Interpreting Coronary CT Angiography Findings
At the study center, the final CCTA report details calcium score, severity of stenosis, plaque type, high-risk features, and burden. All segments of the coronary tree are analyzed using the 18-segment model from axial images and multiplanar reconstructions of the minimum available slice thickness. Maximal-intensity projections and curved multioblique views are often used. Diagnostic uncertainty resulting from motion artifact can be resolved by viewing multiple phases and by using the SnapShot Freeze technique. Coronary computed tomography angiograms are typically read by a cardiologist, whereas noncardiac findings are reported by radiologists. All emergency scans are reported verbally to the ED staff.
Patient Management
Patients with no disease or mild disease are discharged home, whereas those with severe stenosis often proceed to the catheterization lab. However, ED physicians managing acute chest pain may not be familiar with the CCTA grading, especially when making clinical decisions if the stenosis is in the range of 50% to 70%. Further evaluation with functional testing using nuclear stress testing or stress echocardiogram is a common approach in many centers.
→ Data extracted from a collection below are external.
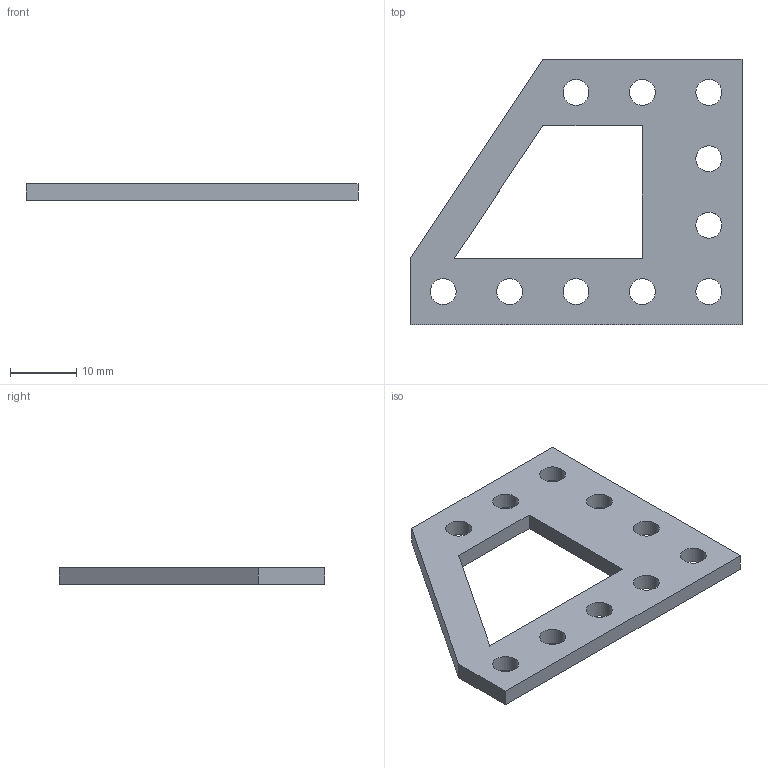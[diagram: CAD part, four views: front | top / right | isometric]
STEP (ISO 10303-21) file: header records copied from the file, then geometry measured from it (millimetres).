
FILE_DESCRIPTION(('Open CASCADE Model'),'2;1');
FILE_NAME('Open CASCADE Shape Model','2025-12-22T21:14:37',('Author'),( 'Open CASCADE'),'Open CASCADE STEP processor 7.8','Open CASCADE 7.8' ,'Unknown');
FILE_SCHEMA(('AUTOMOTIVE_DESIGN { 1 0 10303 214 1 1 1 1 }'));
Length unit declared in the file: millimetre
Products named in the file (1): Open CASCADE STEP translator 7.8 9
Bounding box: 50 x 40 x 2.5 mm (x, y, z)
Volume: 2868 mm3; surface area: 3234.3 mm2
Topology: 1 solids, 1 shells, 21 faces, 57 edges, 38 vertices
Faces by surface type: plane 11, cylinder 10
Full cylindrical faces by diameter (mm): 3.9 x10
Entity records: 1488 total; most frequent: CARTESIAN_POINT 299, DIRECTION 217, LINE 123, VECTOR 123, ORIENTED_EDGE 114, PCURVE 114, DEFINITIONAL_REPRESENTATION 114, EDGE_CURVE 57
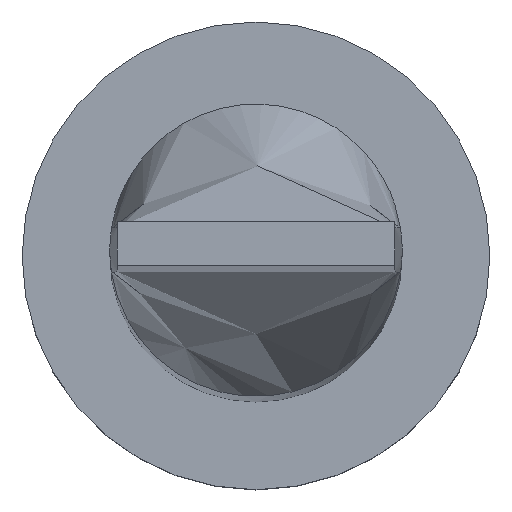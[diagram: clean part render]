
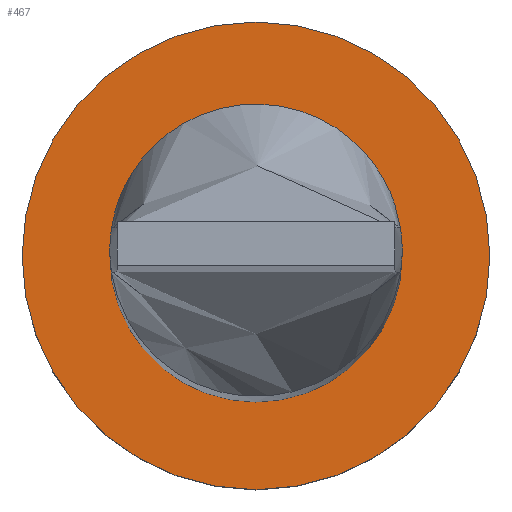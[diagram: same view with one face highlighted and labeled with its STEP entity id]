
A CAD part, top view. The second image highlights one B-rep face of the part: STEP entity #467.
In plain terms, the highlighted planar face has unit normal (0, 0, 1).
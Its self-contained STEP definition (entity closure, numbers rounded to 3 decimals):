
#11 = CARTESIAN_POINT ( 'NONE',  ( 0., 0., 5. ) ) ;
#22 = VERTEX_POINT ( 'NONE', #453 ) ;
#35 = CARTESIAN_POINT ( 'NONE',  ( 0., 0., 5. ) ) ;
#37 = EDGE_CURVE ( 'NONE', #255, #558, #214, .T. ) ;
#82 = ORIENTED_EDGE ( 'NONE', *, *, #403, .F. ) ;
#100 = AXIS2_PLACEMENT_3D ( 'NONE', #537, #528, #291 ) ;
#101 = PLANE ( 'NONE',  #100 ) ;
#109 = CIRCLE ( 'NONE', #620, 5. ) ;
#112 = CARTESIAN_POINT ( 'NONE',  ( 0., 0., 5. ) ) ;
#131 = DIRECTION ( 'NONE',  ( 0., 0., 1. ) ) ;
#147 = FACE_BOUND ( 'NONE', #618, .T. ) ;
#160 = CARTESIAN_POINT ( 'NONE',  ( 5., 0., 5. ) ) ;
#167 = ORIENTED_EDGE ( 'NONE', *, *, #37, .T. ) ;
#169 = AXIS2_PLACEMENT_3D ( 'NONE', #112, #481, #438 ) ;
#200 = FACE_OUTER_BOUND ( 'NONE', #444, .T. ) ;
#214 = CIRCLE ( 'NONE', #294, 8. ) ;
#244 = EDGE_CURVE ( 'NONE', #558, #255, #553, .T. ) ;
#250 = DIRECTION ( 'NONE',  ( 1., 0., 0. ) ) ;
#251 = CARTESIAN_POINT ( 'NONE',  ( 8., 0., 5. ) ) ;
#255 = VERTEX_POINT ( 'NONE', #251 ) ;
#265 = VERTEX_POINT ( 'NONE', #160 ) ;
#277 = DIRECTION ( 'NONE',  ( 0., 0., 1. ) ) ;
#291 = DIRECTION ( 'NONE',  ( 1., 0., 0. ) ) ;
#294 = AXIS2_PLACEMENT_3D ( 'NONE', #35, #131, #567 ) ;
#321 = CARTESIAN_POINT ( 'NONE',  ( 0., 0., 5. ) ) ;
#327 = DIRECTION ( 'NONE',  ( 1., 0., 0. ) ) ;
#340 = CARTESIAN_POINT ( 'NONE',  ( -8., 0., 5. ) ) ;
#379 = ORIENTED_EDGE ( 'NONE', *, *, #459, .F. ) ;
#403 = EDGE_CURVE ( 'NONE', #22, #265, #109, .T. ) ;
#404 = AXIS2_PLACEMENT_3D ( 'NONE', #11, #437, #250 ) ;
#437 = DIRECTION ( 'NONE',  ( 0., 0., 1. ) ) ;
#438 = DIRECTION ( 'NONE',  ( 1., 0., 0. ) ) ;
#444 = EDGE_LOOP ( 'NONE', ( #500, #167 ) ) ;
#453 = CARTESIAN_POINT ( 'NONE',  ( -5., 0., 5. ) ) ;
#459 = EDGE_CURVE ( 'NONE', #265, #22, #513, .T. ) ;
#467 = ADVANCED_FACE ( 'NONE', ( #147, #200 ), #101, .T. ) ;
#481 = DIRECTION ( 'NONE',  ( 0., 0., 1. ) ) ;
#500 = ORIENTED_EDGE ( 'NONE', *, *, #244, .T. ) ;
#513 = CIRCLE ( 'NONE', #404, 5. ) ;
#528 = DIRECTION ( 'NONE',  ( 0., 0., 1. ) ) ;
#537 = CARTESIAN_POINT ( 'NONE',  ( 0., 0., 5. ) ) ;
#553 = CIRCLE ( 'NONE', #169, 8. ) ;
#558 = VERTEX_POINT ( 'NONE', #340 ) ;
#567 = DIRECTION ( 'NONE',  ( 1., 0., 0. ) ) ;
#618 = EDGE_LOOP ( 'NONE', ( #82, #379 ) ) ;
#620 = AXIS2_PLACEMENT_3D ( 'NONE', #321, #277, #327 ) ;
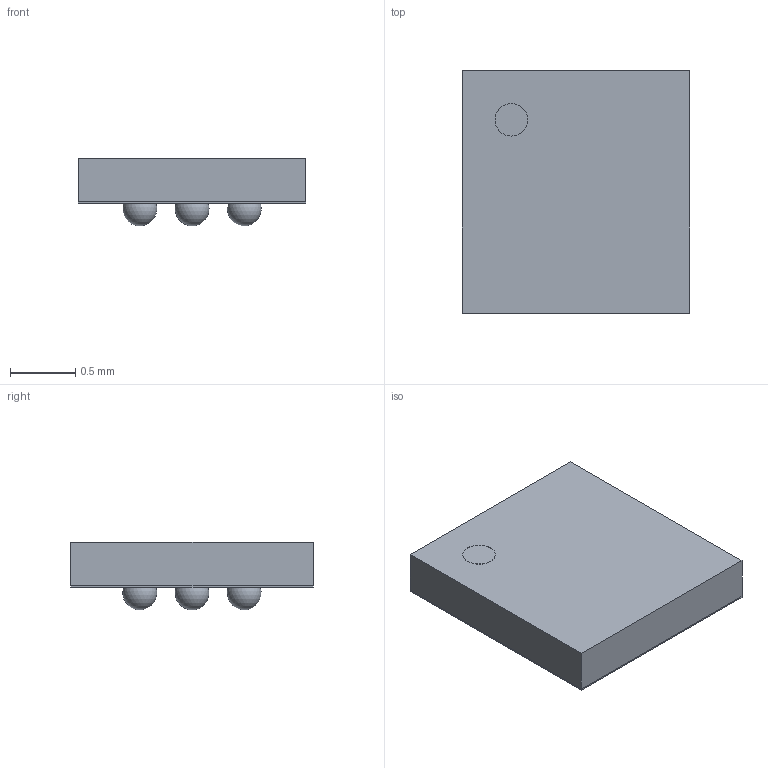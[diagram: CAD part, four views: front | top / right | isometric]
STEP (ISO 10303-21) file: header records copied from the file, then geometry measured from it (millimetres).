
FILE_DESCRIPTION(/* description */ (''),/* implementation_level */ '2;1');
FILE_NAME(/* name */ 'SG-XFWLB-9-2_002-35236_V0A_3D.stp',/* time_stamp */ '2025-10-10T10:20:20+05:30',/* author */ ('sivamani'),/* organization */ (''),/* preprocessor_version */ 'ST-DEVELOPER v19.2',/* originating_system */ 'AutoCAD Mechanical',/* authorisation */ '');
FILE_SCHEMA (('AUTOMOTIVE_DESIGN { 1 0 10303 214 3 1 1 }'));
Length unit declared in the file: millimetre
Products named in the file (1): Product
Bounding box: 1.74 x 1.86 x 0.52 mm (x, y, z)
Volume: 1.2 mm3; surface area: 17.2 mm2
Topology: 12 solids, 12 shells, 35 faces, 57 edges, 38 vertices
Faces by surface type: plane 24, sphere 9, cylinder 2
Full cylindrical faces by diameter (mm): 0.25 x2
Entity records: 804 total; most frequent: DIRECTION 142, CARTESIAN_POINT 122, ORIENTED_EDGE 96, AXIS2_PLACEMENT_3D 58, EDGE_CURVE 48, VERTEX_POINT 38, EDGE_LOOP 36, FACE_OUTER_BOUND 35

In this context, FFRCT is a relatively new and promising modality that uses data from CCTA, creates models based on computational fluid dynamics, and can detect lesion-specific ischemia. In many clinical trials, the diagnostic accuracy of FFRCT has been shown to be similar to invasive FFR.26–28 Hlatky et al29 showed that the use of FFRCT to select patients for invasive coronary angiography and PCI would result in 30% lower costs and 12% fewer events at 1 year than those with the most commonly used invasive coronary angiography/visual strategy. The Assessing Diagnostic Value of Non-Invasive FFRCT in Coronary Care (ADVANCED) registry enrolled 5,083 patients with clinically suspected CAD who underwent CCTA and FFRCT. The 1-year outcome showed less revascularization and lower cardiovascular death or myocardial infarction rates in patients with FFRCT of more than 0.8 (significant disease) vs patients with FFRCT of 0.8 or less (less-significant disease).30 In the future, we will see FFRCT technology advance enough that it can be used to inform a road map to the catheterization lab. Based on the authors' experience with CCTA and the available evidence, it is appropriate to develop an approach for evaluation of patients presenting with chest pain in the ED (Fig. 2).
Conclusion
Emergency department physicians face the most challenging task when it comes to managing patients with acute chest pain, especially because of increasing pressure to reduce hospitalization, reduce length of stay, and prevent revisits to the ED. At the same time, it is also unacceptable to miss a chance to diagnose ACS. Improving upon the traditional risk factor assessment tools, which include history, physical examination, biomarkers, and risk-scoring algorithms such as the HEART score/TIMI score, CCTA has emerged as a new imaging modality with exceptional NPV that can be used to rule out significant coronary artery stenosis. Adding functional value to the anatomy, FFRCT has supplemented the CCTA to make accurate clinical decisions if there is stenosis of uncertain clinical significance. Coronary computed tomography angiography was recently given a class 1A recommendation for patients with stable and acute chest pain in the 2021 American Heart Association/American College of Cardiology/American Society of Echocardiography/CHEST/Society for Academic Emergency Medicine/Society of Cardiovascular Computed Tomography/Society for Cardiovascular Magnetic Resonance guideline for the evaluation and diagnosis of chest pain.31 In the future, large clinical trials are needed to study CCTA and FFRCT and their role in care in the ED in terms of clinical outcomes and downstream cost-effectiveness.